[Stored items from a collection]
========================================

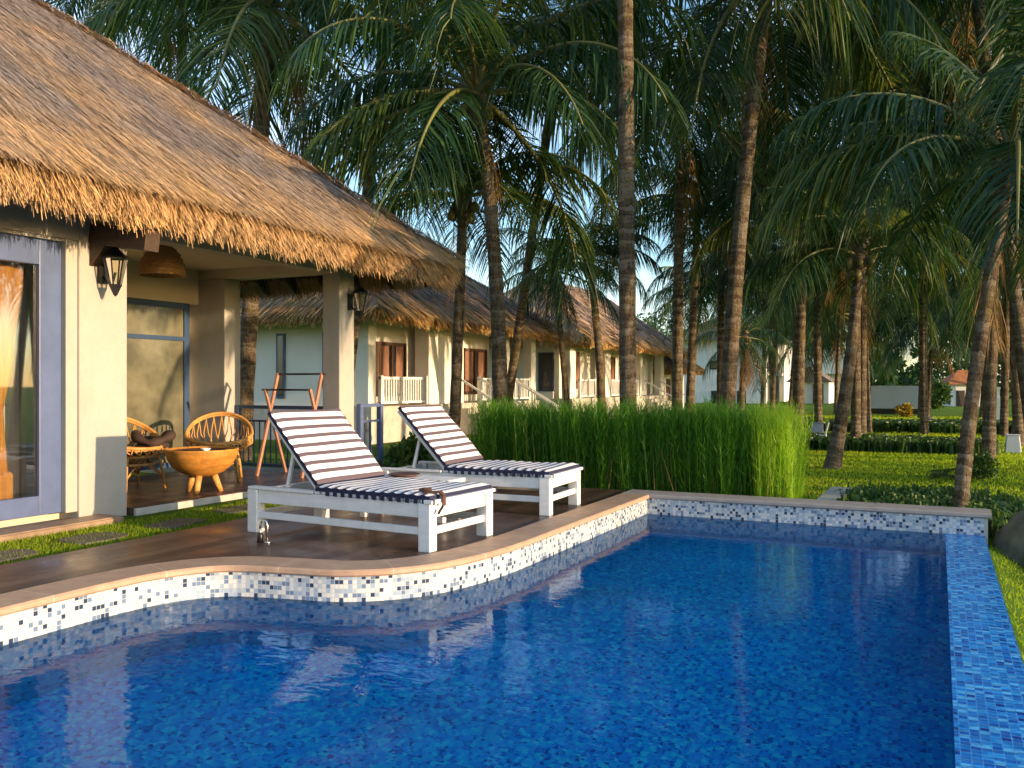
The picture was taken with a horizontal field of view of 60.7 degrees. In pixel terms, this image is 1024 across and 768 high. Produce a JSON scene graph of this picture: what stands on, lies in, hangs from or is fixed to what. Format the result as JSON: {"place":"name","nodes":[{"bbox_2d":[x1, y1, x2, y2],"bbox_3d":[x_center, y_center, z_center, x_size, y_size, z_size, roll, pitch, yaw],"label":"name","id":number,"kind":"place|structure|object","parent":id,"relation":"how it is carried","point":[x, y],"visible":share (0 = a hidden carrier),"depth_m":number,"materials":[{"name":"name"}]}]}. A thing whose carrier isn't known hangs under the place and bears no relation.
{"place":"outdoors","nodes":[
{"label":"outdoors","id":0,"kind":"place"},
{"bbox_2d":[0,500,282,564],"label":"grass","id":1,"kind":"structure","parent":0,"point":[80,532],"depth_m":7.96,"materials":[{"name":"plant"}]},
{"bbox_2d":[0,387,1023,664],"bbox_3d":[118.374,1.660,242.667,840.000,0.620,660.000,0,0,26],"label":"ground","id":2,"kind":"structure","parent":0,"point":[944,411],"depth_m":13.09,"materials":[{"name":"plant"}]},
{"bbox_2d":[0,549,39,562],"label":"stepping stone","id":3,"kind":"object","parent":2,"relation":"on","point":[6,556],"visible":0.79,"depth_m":6.84,"materials":[{"name":"stone"}]},
{"bbox_2d":[58,532,128,544],"bbox_3d":[-3.641,1.369,7.617,0.450,0.075,0.542,0,0,32],"label":"stepping stone","id":4,"kind":"object","parent":2,"relation":"on","point":[101,535],"visible":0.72,"depth_m":7.57,"materials":[{"name":"stone"}]},
{"bbox_2d":[37,0,241,81],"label":"palm tree","id":5,"kind":"object","parent":2,"relation":"on","point":[67,1],"visible":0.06,"depth_m":32.02,"materials":[{"name":"green plant"}]},
{"bbox_2d":[144,518,205,528],"bbox_3d":[-3.233,1.369,8.415,0.368,0.075,0.576,0,0,18],"label":"stepping stone","id":6,"kind":"object","parent":2,"relation":"on","point":[173,523],"visible":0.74,"depth_m":8.35,"materials":[{"name":"stone"}]},
{"bbox_2d":[56,0,359,151],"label":"palm tree","id":7,"kind":"object","parent":2,"relation":"on","point":[96,5],"visible":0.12,"depth_m":23.90,"materials":[{"name":"green plant"}]},
{"bbox_2d":[0,0,473,542],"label":"thatched bungalow","id":8,"kind":"object","parent":2,"relation":"on","point":[106,146],"visible":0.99,"depth_m":9.33,"materials":[{"name":"plant"}]},
{"bbox_2d":[0,471,12,499],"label":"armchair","id":9,"kind":"object","parent":8,"relation":"on","point":[6,482],"visible":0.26,"depth_m":8.15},
{"bbox_2d":[0,233,60,520],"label":"door","id":10,"kind":"structure","parent":8,"relation":"in","point":[45,255],"depth_m":8.25,"materials":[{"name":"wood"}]},
{"bbox_2d":[97,247,129,296],"bbox_3d":[-3.941,-1.125,8.643,0.333,0.530,0.234,0,0,26],"label":"wall lantern","id":11,"kind":"object","parent":8,"relation":"attached to","point":[105,275],"depth_m":8.60,"materials":[{"name":"black metal"}]},
{"bbox_2d":[127,417,167,487],"bbox_3d":[-4.652,0.825,10.641,0.872,0.894,0.883,0,0,32],"label":"rattan chair","id":12,"kind":"object","parent":8,"relation":"on","point":[138,453],"visible":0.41,"depth_m":10.62,"materials":[{"name":"wicker"}]},
{"bbox_2d":[130,430,175,448],"bbox_3d":[-4.396,0.675,10.709,0.581,0.230,0.517,0,0,26],"label":"throw cushion","id":13,"kind":"object","parent":12,"relation":"on","point":[141,440],"visible":0.94,"depth_m":10.54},
{"bbox_2d":[127,297,189,471],"bbox_3d":[-5.336,0.008,11.793,0.063,2.385,2.520,0,0,26],"label":"sliding door","id":14,"kind":"structure","parent":8,"relation":"in","point":[158,332],"depth_m":12.43,"materials":[{"name":"glass"}]},
{"bbox_2d":[138,244,185,277],"bbox_3d":[-4.200,-1.500,10.505,0.548,0.401,0.548,0,0,26],"label":"pendant lamp","id":15,"kind":"object","parent":8,"relation":"hanging from","point":[165,262],"visible":0.87,"depth_m":10.33,"materials":[{"name":"wicker"}]},
{"bbox_2d":[164,446,238,494],"bbox_3d":[-3.634,1.019,10.251,0.825,0.526,0.825,0,0,26],"label":"bowl table","id":16,"kind":"object","parent":8,"relation":"on","point":[195,466],"visible":0.98,"depth_m":10.00,"materials":[{"name":"brown wood"}]},
{"bbox_2d":[175,448,227,450],"bbox_3d":[-3.634,0.784,10.251,0.600,0.033,0.597,0,0,26],"label":"serving tray","id":17,"kind":"object","parent":16,"relation":"on","point":[195,449],"visible":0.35,"depth_m":10.43,"materials":[{"name":"brown wood"}]},
{"bbox_2d":[184,411,253,480],"bbox_3d":[-3.900,0.825,11.644,0.883,0.894,0.871,0,0,-14],"label":"rattan chair","id":18,"kind":"object","parent":8,"relation":"on","point":[235,443],"visible":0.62,"depth_m":11.84,"materials":[{"name":"wicker"}]},
{"bbox_2d":[234,405,322,467],"bbox_3d":[-3.399,0.792,12.762,1.650,0.955,0.070,0,0,26],"label":"porch railing","id":19,"kind":"object","parent":8,"relation":"on","point":[237,409],"visible":0.38,"depth_m":12.91,"materials":[{"name":"black metal"}]},
{"bbox_2d":[255,373,324,477],"bbox_3d":[-3.045,0.561,12.188,0.810,1.435,0.642,0,0,22],"label":"folding rack","id":20,"kind":"object","parent":8,"relation":"on","point":[270,403],"visible":0.71,"depth_m":12.20,"materials":[{"name":"brown wood"}]},
{"bbox_2d":[347,283,367,318],"bbox_3d":[-2.160,-1.165,12.313,0.316,0.503,0.222,0,0,26],"label":"wall lantern","id":21,"kind":"object","parent":8,"relation":"attached to","point":[360,290],"depth_m":12.28,"materials":[{"name":"black metal"}]},
{"bbox_2d":[212,505,265,513],"bbox_3d":[-2.920,1.369,9.385,0.414,0.075,0.618,0,0,30],"label":"stepping stone","id":22,"kind":"object","parent":2,"relation":"on","point":[235,508],"visible":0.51,"depth_m":9.28,"materials":[{"name":"stone"}]},
{"bbox_2d":[79,0,445,460],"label":"palm tree","id":23,"kind":"object","parent":2,"relation":"on","point":[269,16],"visible":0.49,"depth_m":17.97,"materials":[{"name":"green plant"}]},
{"bbox_2d":[0,488,628,593],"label":"deck","id":24,"kind":"structure","parent":2,"relation":"on","point":[287,539],"depth_m":7.13,"materials":[{"name":"wood"}]},
{"bbox_2d":[257,519,270,542],"bbox_3d":[-2.033,1.204,7.169,0.123,0.193,0.059,0,0,16],"label":"deck shower tap","id":25,"kind":"object","parent":24,"relation":"on","point":[260,539],"visible":1,"depth_m":7.16,"materials":[{"name":"metal"}]},
{"bbox_2d":[248,409,496,552],"bbox_3d":[-1.229,0.766,7.607,2.001,1.068,0.964,0,0,30],"label":"sun lounger","id":26,"kind":"object","parent":24,"relation":"on","point":[332,456],"visible":0.98,"depth_m":7.47,"materials":[{"name":"white paint"}]},
{"bbox_2d":[418,487,445,514],"bbox_3d":[-0.624,0.906,6.829,0.209,0.203,0.100,0,0,26],"label":"leather strap","id":27,"kind":"object","parent":26,"relation":"on","point":[424,490],"visible":1,"depth_m":6.81,"materials":[{"name":"brown leather"}]},
{"bbox_2d":[356,473,464,522],"bbox_3d":[-0.987,1.103,8.515,1.000,0.395,0.400,0,0,26],"label":"side table","id":28,"kind":"object","parent":24,"relation":"on","point":[439,478],"visible":0.3,"depth_m":8.47,"materials":[{"name":"white paint"}]},
{"bbox_2d":[389,472,419,476],"bbox_3d":[-1.059,0.889,8.594,0.320,0.021,0.318,0,0,26],"label":"wooden dish","id":29,"kind":"object","parent":28,"relation":"on","point":[402,474],"visible":1,"depth_m":8.62,"materials":[{"name":"brown wood"}]},
{"bbox_2d":[381,404,583,515],"bbox_3d":[-0.324,0.766,9.416,2.001,1.068,0.964,0,0,24],"label":"sun lounger","id":30,"kind":"object","parent":24,"relation":"on","point":[438,429],"visible":0.94,"depth_m":9.22,"materials":[{"name":"white paint"}]},
{"bbox_2d":[363,417,371,453],"bbox_3d":[-2.149,0.915,12.976,0.160,0.870,0.156,0,0,26],"label":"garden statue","id":31,"kind":"object","parent":2,"relation":"on","point":[366,435],"visible":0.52,"depth_m":12.93,"materials":[{"name":"stone"}]},
{"bbox_2d":[357,403,382,465],"bbox_3d":[-2.071,0.818,12.771,0.070,1.065,0.570,0,0,26],"label":"blue railing","id":32,"kind":"object","parent":2,"relation":"on","point":[378,420],"visible":0.61,"depth_m":12.91,"materials":[{"name":"metal"}]},
{"bbox_2d":[211,0,554,375],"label":"palm tree","id":33,"kind":"object","parent":2,"relation":"on","point":[356,316],"visible":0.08,"depth_m":20.89,"materials":[{"name":"green plant"}]},
{"bbox_2d":[378,431,430,467],"bbox_3d":[-1.483,1.153,12.790,0.968,0.988,0.857,0,0,26],"label":"bush","id":34,"kind":"object","parent":2,"relation":"on","point":[402,454],"visible":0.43,"depth_m":12.65,"materials":[{"name":"green plant"}]},
{"bbox_2d":[240,275,579,443],"bbox_3d":[-3.739,-1.442,28.946,8.662,6.484,13.659,0,0,26],"label":"garden bungalow","id":35,"kind":"object","parent":2,"relation":"on","point":[404,354],"visible":0.41,"depth_m":24.67,"materials":[{"name":"paint"}]},
{"bbox_2d":[276,334,285,397],"bbox_3d":[-6.432,-0.500,24.335,0.300,1.800,0.055,0,0,26],"label":"window","id":36,"kind":"structure","parent":35,"relation":"in","point":[280,338],"depth_m":24.29,"materials":[{"name":"grey glass"}]},
{"bbox_2d":[376,341,406,395],"bbox_3d":[-3.480,-0.425,25.285,0.067,1.550,1.500,0,0,26],"label":"window","id":37,"kind":"structure","parent":35,"relation":"in","point":[391,358],"depth_m":25.24,"materials":[{"name":"brown wood"}]},
{"bbox_2d":[464,348,486,394],"bbox_3d":[-1.266,-0.425,29.824,0.067,1.550,1.700,0,0,26],"label":"window","id":38,"kind":"structure","parent":35,"relation":"in","point":[475,360],"depth_m":29.77,"materials":[{"name":"brown wood"}]},
{"bbox_2d":[422,452,439,460],"bbox_3d":[-1.030,1.301,12.443,0.526,0.743,0.583,0,0,-17],"label":"bush","id":39,"kind":"object","parent":2,"relation":"on","point":[430,457],"visible":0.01,"depth_m":12.44,"materials":[{"name":"green plant"}]},
{"bbox_2d":[328,79,618,427],"bbox_3d":[-0.907,-1.877,16.227,5.291,7.422,5.290,0,0,-25],"label":"palm tree","id":40,"kind":"object","parent":2,"relation":"on","point":[467,209],"visible":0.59,"depth_m":15.93,"materials":[{"name":"green plant"}]},
{"bbox_2d":[261,0,709,421],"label":"palm tree","id":41,"kind":"object","parent":2,"relation":"on","point":[461,44],"visible":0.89,"depth_m":13.55,"materials":[{"name":"green plant"}]},
{"bbox_2d":[0,489,1023,767],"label":"swimming pool","id":42,"kind":"structure","parent":2,"relation":"in","point":[988,687],"depth_m":6.17,"materials":[{"name":"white tile"}]},
{"bbox_2d":[0,514,954,767],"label":"water","id":43,"kind":"structure","parent":42,"relation":"in","point":[656,641],"depth_m":4.64,"materials":[{"name":"liquid"}]},
{"bbox_2d":[499,227,618,413],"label":"palm tree","id":44,"kind":"object","parent":2,"relation":"on","point":[558,322],"visible":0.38,"depth_m":30.41,"materials":[{"name":"green plant"}]},
{"bbox_2d":[414,0,721,406],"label":"palm tree","id":45,"kind":"object","parent":2,"relation":"on","point":[516,343],"visible":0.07,"depth_m":23.03,"materials":[{"name":"green plant"}]},
{"bbox_2d":[506,201,664,439],"bbox_3d":[2.196,-1.536,24.015,4.311,6.741,4.473,0,0,26],"label":"palm tree","id":46,"kind":"object","parent":2,"relation":"on","point":[606,248],"visible":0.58,"depth_m":23.77,"materials":[{"name":"green plant"}]},
{"bbox_2d":[489,284,687,420],"bbox_3d":[3.106,-1.567,42.994,8.676,6.734,16.879,0,0,26],"label":"garden bungalow","id":47,"kind":"object","parent":2,"relation":"on","point":[651,344],"visible":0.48,"depth_m":39.16,"materials":[{"name":"paint"}]},
{"bbox_2d":[538,352,553,390],"bbox_3d":[1.409,-0.500,36.076,0.700,1.600,0.055,0,0,26],"label":"door","id":48,"kind":"structure","parent":47,"relation":"in","point":[545,360],"depth_m":36.04,"materials":[{"name":"glass"}]},
{"bbox_2d":[576,350,580,390],"bbox_3d":[2.636,-0.600,37.823,0.067,1.800,1.700,0,0,26],"label":"window","id":49,"kind":"structure","parent":47,"relation":"in","point":[578,352],"depth_m":38.32,"materials":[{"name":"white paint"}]},
{"bbox_2d":[611,357,615,379],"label":"window","id":50,"kind":"structure","parent":47,"relation":"in","point":[613,359],"depth_m":42.54,"materials":[{"name":"brown wood"}]},
{"bbox_2d":[379,0,882,457],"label":"palm tree","id":51,"kind":"object","parent":2,"relation":"on","point":[625,28],"visible":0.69,"depth_m":11.92,"materials":[{"name":"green plant"}]},
{"bbox_2d":[465,389,813,498],"bbox_3d":[1.431,0.806,11.300,4.726,1.597,1.231,0,0,26],"label":"hedge","id":52,"kind":"object","parent":2,"relation":"on","point":[728,456],"visible":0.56,"depth_m":10.85,"materials":[{"name":"green plant"}]},
{"bbox_2d":[519,0,829,412],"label":"palm tree","id":53,"kind":"object","parent":2,"relation":"on","point":[680,199],"visible":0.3,"depth_m":21.87,"materials":[{"name":"green plant"}]},
{"bbox_2d":[653,356,703,409],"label":"garden bungalow","id":54,"kind":"object","parent":2,"relation":"on","point":[699,370],"visible":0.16,"depth_m":50.84,"materials":[{"name":"paint"}]},
{"bbox_2d":[666,379,670,400],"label":"window","id":55,"kind":"structure","parent":54,"relation":"in","point":[668,381],"depth_m":51.49,"materials":[{"name":"brown wood"}]},
{"bbox_2d":[599,129,794,433],"bbox_3d":[5.943,-3.108,27.016,6.608,9.904,5.742,0,0,16],"label":"palm tree","id":56,"kind":"object","parent":2,"relation":"on","point":[691,345],"visible":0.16,"depth_m":26.88,"materials":[{"name":"green plant"}]},
{"bbox_2d":[640,255,759,405],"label":"palm tree","id":57,"kind":"object","parent":2,"relation":"on","point":[654,323],"visible":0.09,"depth_m":62.01,"materials":[{"name":"green plant"}]},
{"bbox_2d":[643,219,794,410],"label":"palm tree","id":58,"kind":"object","parent":2,"relation":"on","point":[721,284],"visible":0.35,"depth_m":29.91,"materials":[{"name":"green plant"}]},
{"bbox_2d":[667,318,791,403],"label":"two storey house","id":59,"kind":"structure","parent":2,"relation":"on","point":[708,386],"depth_m":72.14,"materials":[{"name":"beige paint"}]},
{"bbox_2d":[711,391,716,402],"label":"window","id":60,"kind":"structure","parent":59,"relation":"in","point":[713,393],"depth_m":71.77,"materials":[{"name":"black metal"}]},
{"bbox_2d":[686,294,793,413],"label":"palm tree","id":61,"kind":"object","parent":2,"relation":"on","point":[745,340],"visible":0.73,"depth_m":35.87,"materials":[{"name":"green plant"}]},
{"bbox_2d":[686,217,810,398],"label":"palm tree","id":62,"kind":"object","parent":2,"relation":"on","point":[770,363],"visible":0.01,"depth_m":52.66,"materials":[{"name":"green plant"}]},
{"bbox_2d":[687,96,829,409],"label":"palm tree","id":63,"kind":"object","parent":2,"relation":"on","point":[762,393],"depth_m":47.88,"materials":[{"name":"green plant"}]},
{"bbox_2d":[548,0,989,420],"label":"palm tree","id":64,"kind":"object","parent":2,"relation":"on","point":[759,51],"visible":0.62,"depth_m":15.68,"materials":[{"name":"green plant"}]},
{"bbox_2d":[710,255,832,414],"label":"palm tree","id":65,"kind":"object","parent":2,"relation":"on","point":[773,385],"visible":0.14,"depth_m":41.79,"materials":[{"name":"green plant"}]},
{"bbox_2d":[724,128,835,413],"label":"palm tree","id":66,"kind":"object","parent":2,"relation":"on","point":[790,388],"visible":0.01,"depth_m":45.88,"materials":[{"name":"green plant"}]},
{"bbox_2d":[668,100,895,430],"bbox_3d":[7.634,-2.938,23.964,7.155,9.467,7.030,0,0,26],"label":"palm tree","id":67,"kind":"object","parent":2,"relation":"on","point":[799,360],"visible":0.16,"depth_m":23.91,"materials":[{"name":"green plant"}]},
{"bbox_2d":[743,415,826,435],"bbox_3d":[7.937,1.312,27.848,3.673,0.598,5.764,0,0,26],"label":"ground cover","id":68,"kind":"object","parent":2,"relation":"on","point":[811,419],"visible":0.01,"depth_m":27.13,"materials":[{"name":"green plant"}]},
{"bbox_2d":[786,367,834,403],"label":"garden shed","id":69,"kind":"structure","parent":2,"relation":"on","point":[827,393],"depth_m":70.52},
{"bbox_2d":[813,384,823,403],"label":"door","id":70,"kind":"structure","parent":69,"relation":"in","point":[813,384],"depth_m":70.14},
{"bbox_2d":[808,422,823,432],"bbox_3d":[9.299,1.379,27.000,0.540,0.400,0.460,0,0,0],"label":"planter box","id":71,"kind":"object","parent":2,"relation":"on","point":[817,427],"visible":0.44,"depth_m":26.80,"materials":[{"name":"concrete"}]},
{"bbox_2d":[636,311,1010,397],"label":"wood","id":72,"kind":"object","parent":2,"relation":"on","point":[909,376],"visible":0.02,"depth_m":98.76,"materials":[{"name":"green plant"}]},
{"bbox_2d":[805,346,843,387],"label":"green roofed house","id":73,"kind":"structure","parent":2,"relation":"on","point":[828,373],"depth_m":86.96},
{"bbox_2d":[705,0,947,421],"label":"palm tree","id":74,"kind":"object","parent":2,"relation":"on","point":[817,353],"visible":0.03,"depth_m":27.93,"materials":[{"name":"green plant"}]},
{"bbox_2d":[766,272,889,382],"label":"palm tree","id":75,"kind":"object","parent":2,"relation":"on","point":[785,355],"visible":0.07,"depth_m":49.41,"materials":[{"name":"green plant"}]},
{"bbox_2d":[817,487,851,500],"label":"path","id":76,"kind":"structure","parent":2,"relation":"on","point":[828,494],"depth_m":10.57,"materials":[{"name":"concrete"}]},
{"bbox_2d":[763,269,918,413],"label":"palm tree","id":77,"kind":"object","parent":2,"relation":"on","point":[838,348],"visible":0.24,"depth_m":45.89,"materials":[{"name":"green plant"}]},
{"bbox_2d":[749,164,949,437],"bbox_3d":[8.083,-1.711,21.162,4.699,7.058,5.055,0,0,26],"label":"palm tree","id":78,"kind":"object","parent":2,"relation":"on","point":[855,429],"visible":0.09,"depth_m":20.91,"materials":[{"name":"green plant"}]},
{"bbox_2d":[716,0,1007,433],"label":"palm tree","id":79,"kind":"object","parent":2,"relation":"on","point":[863,392],"visible":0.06,"depth_m":23.89,"materials":[{"name":"green plant"}]},
{"bbox_2d":[765,184,964,431],"bbox_3d":[11.259,-2.423,27.894,5.827,8.510,5.872,0,0,26],"label":"palm tree","id":80,"kind":"object","parent":2,"relation":"on","point":[869,415],"visible":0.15,"depth_m":27.59,"materials":[{"name":"green plant"}]},
{"bbox_2d":[742,169,1001,469],"bbox_3d":[6.554,-1.193,16.593,4.798,6.143,4.284,0,0,26],"label":"palm tree","id":81,"kind":"object","parent":2,"relation":"on","point":[856,262],"visible":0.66,"depth_m":16.30,"materials":[{"name":"green plant"}]},
{"bbox_2d":[751,0,1023,507],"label":"palm tree","id":82,"kind":"object","parent":2,"relation":"on","point":[919,145],"visible":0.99,"depth_m":9.83,"materials":[{"name":"green plant"}]},
{"bbox_2d":[871,386,918,413],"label":"garden wall","id":83,"kind":"structure","parent":2,"relation":"on","point":[888,398],"depth_m":46.06,"materials":[{"name":"paint"}]},
{"bbox_2d":[794,431,1000,455],"bbox_3d":[8.886,1.422,21.105,5.123,0.387,3.407,0,0,26],"label":"ground cover","id":84,"kind":"object","parent":2,"relation":"on","point":[883,442],"visible":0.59,"depth_m":20.02,"materials":[{"name":"green plant"}]},
{"bbox_2d":[773,0,1023,421],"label":"palm tree","id":85,"kind":"object","parent":2,"relation":"on","point":[1016,309],"visible":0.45,"depth_m":16.21,"materials":[{"name":"green plant"}]},
{"bbox_2d":[783,414,1023,658],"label":"grass","id":86,"kind":"structure","parent":2,"relation":"on","point":[1006,457],"depth_m":15.87,"materials":[{"name":"plant"}]},
{"bbox_2d":[894,403,913,416],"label":"golden shrub","id":87,"kind":"object","parent":2,"relation":"on","point":[903,410],"visible":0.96,"depth_m":40.86,"materials":[{"name":"yellow plant"}]},
{"bbox_2d":[805,2,1016,434],"bbox_3d":[13.004,-5.821,26.903,7.747,15.279,8.569,0,0,-39],"label":"palm tree","id":88,"kind":"object","parent":2,"relation":"on","point":[923,397],"visible":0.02,"depth_m":26.94,"materials":[{"name":"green plant"}]},
{"bbox_2d":[867,278,973,417],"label":"palm tree","id":89,"kind":"object","parent":2,"relation":"on","point":[904,336],"visible":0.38,"depth_m":39.39,"materials":[{"name":"green plant"}]},
{"bbox_2d":[823,418,1023,434],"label":"ground cover","id":90,"kind":"object","parent":2,"relation":"on","point":[944,426],"visible":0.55,"depth_m":28.02,"materials":[{"name":"green plant"}]},
{"bbox_2d":[827,34,1023,460],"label":"palm tree","id":91,"kind":"object","parent":2,"relation":"on","point":[989,417],"visible":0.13,"depth_m":17.47,"materials":[{"name":"green plant"}]},
{"bbox_2d":[832,481,1023,538],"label":"ground cover","id":92,"kind":"object","parent":2,"relation":"on","point":[1004,508],"visible":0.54,"depth_m":10.04,"materials":[{"name":"green plant"}]},
{"bbox_2d":[868,267,1001,416],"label":"palm tree","id":93,"kind":"object","parent":2,"relation":"on","point":[930,366],"visible":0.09,"depth_m":40.89,"materials":[{"name":"green plant"}]},
{"bbox_2d":[850,0,1023,446],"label":"palm tree","id":94,"kind":"object","parent":2,"relation":"on","point":[1017,421],"visible":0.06,"depth_m":21.95,"materials":[{"name":"green plant"}]},
{"bbox_2d":[928,468,955,479],"bbox_3d":[7.007,1.504,14.196,0.543,0.314,0.549,0,0,26],"label":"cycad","id":95,"kind":"object","parent":2,"relation":"on","point":[944,473],"visible":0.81,"depth_m":14.14,"materials":[{"name":"green plant"}]},
{"bbox_2d":[931,377,952,410],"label":"garden shrub","id":96,"kind":"object","parent":2,"relation":"on","point":[942,390],"visible":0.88,"depth_m":51.68,"materials":[{"name":"green plant"}]},
{"bbox_2d":[904,206,983,417],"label":"palm tree","id":97,"kind":"object","parent":2,"relation":"on","point":[981,407],"depth_m":39.91,"materials":[{"name":"plant"}]},
{"bbox_2d":[885,156,1023,435],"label":"palm tree","id":98,"kind":"object","parent":2,"relation":"on","point":[1004,409],"visible":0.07,"depth_m":25.90,"materials":[{"name":"green plant"}]},
{"bbox_2d":[937,370,980,406],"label":"gate hut","id":99,"kind":"object","parent":2,"relation":"on","point":[958,388],"visible":0.41,"depth_m":61.13,"materials":[{"name":"white paint"}]},
{"bbox_2d":[956,390,964,405],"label":"door","id":100,"kind":"structure","parent":99,"relation":"in","point":[960,394],"depth_m":61.04,"materials":[{"name":"brown wood"}]},
{"bbox_2d":[903,252,1022,358],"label":"palm tree","id":101,"kind":"object","parent":2,"relation":"on","point":[942,321],"visible":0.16,"depth_m":35.83,"materials":[{"name":"green plant"}]},
{"bbox_2d":[905,159,1023,433],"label":"palm tree","id":102,"kind":"object","parent":2,"relation":"on","point":[966,307],"visible":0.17,"depth_m":24.93,"materials":[{"name":"green plant"}]},
{"bbox_2d":[971,449,1000,480],"bbox_3d":[7.582,1.345,14.216,0.649,0.571,0.639,0,0,26],"label":"round shrub","id":103,"kind":"object","parent":2,"relation":"on","point":[982,468],"visible":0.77,"depth_m":14.07,"materials":[{"name":"green plant"}]},
{"bbox_2d":[971,73,1023,309],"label":"palm tree","id":104,"kind":"object","parent":2,"relation":"on","point":[1021,254],"visible":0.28,"depth_m":10.11,"materials":[{"name":"green plant"}]},
{"bbox_2d":[996,387,1000,419],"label":"garden wall","id":105,"kind":"structure","parent":2,"relation":"on","point":[998,405],"depth_m":33.06,"materials":[{"name":"white paint"}]},
{"bbox_2d":[992,510,1023,568],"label":"boulder","id":106,"kind":"object","parent":2,"relation":"on","point":[1008,539],"visible":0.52,"depth_m":8.50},
{"bbox_2d":[1004,434,1021,452],"bbox_3d":[11.454,1.377,20.000,0.340,0.450,0.300,0,0,26],"label":"utility box","id":107,"kind":"object","parent":2,"relation":"on","point":[1012,443],"visible":0.92,"depth_m":19.89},
{"bbox_2d":[42,0,1009,382],"label":"sky","id":108,"kind":"structure","parent":0,"point":[646,279],"materials":[{"name":"white"}]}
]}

========================================

All lines of the records containing "cover" should be shown.

{"bbox_2d":[743,415,826,435],"bbox_3d":[7.937,1.312,27.848,3.673,0.598,5.764,0,0,26],"label":"ground cover","id":68,"kind":"object","parent":2,"relation":"on","point":[811,419],"visible":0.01,"depth_m":27.13,"materials":[{"name":"green plant"}]},
{"bbox_2d":[794,431,1000,455],"bbox_3d":[8.886,1.422,21.105,5.123,0.387,3.407,0,0,26],"label":"ground cover","id":84,"kind":"object","parent":2,"relation":"on","point":[883,442],"visible":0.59,"depth_m":20.02,"materials":[{"name":"green plant"}]},
{"bbox_2d":[823,418,1023,434],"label":"ground cover","id":90,"kind":"object","parent":2,"relation":"on","point":[944,426],"visible":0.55,"depth_m":28.02,"materials":[{"name":"green plant"}]},
{"bbox_2d":[832,481,1023,538],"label":"ground cover","id":92,"kind":"object","parent":2,"relation":"on","point":[1004,508],"visible":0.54,"depth_m":10.04,"materials":[{"name":"green plant"}]},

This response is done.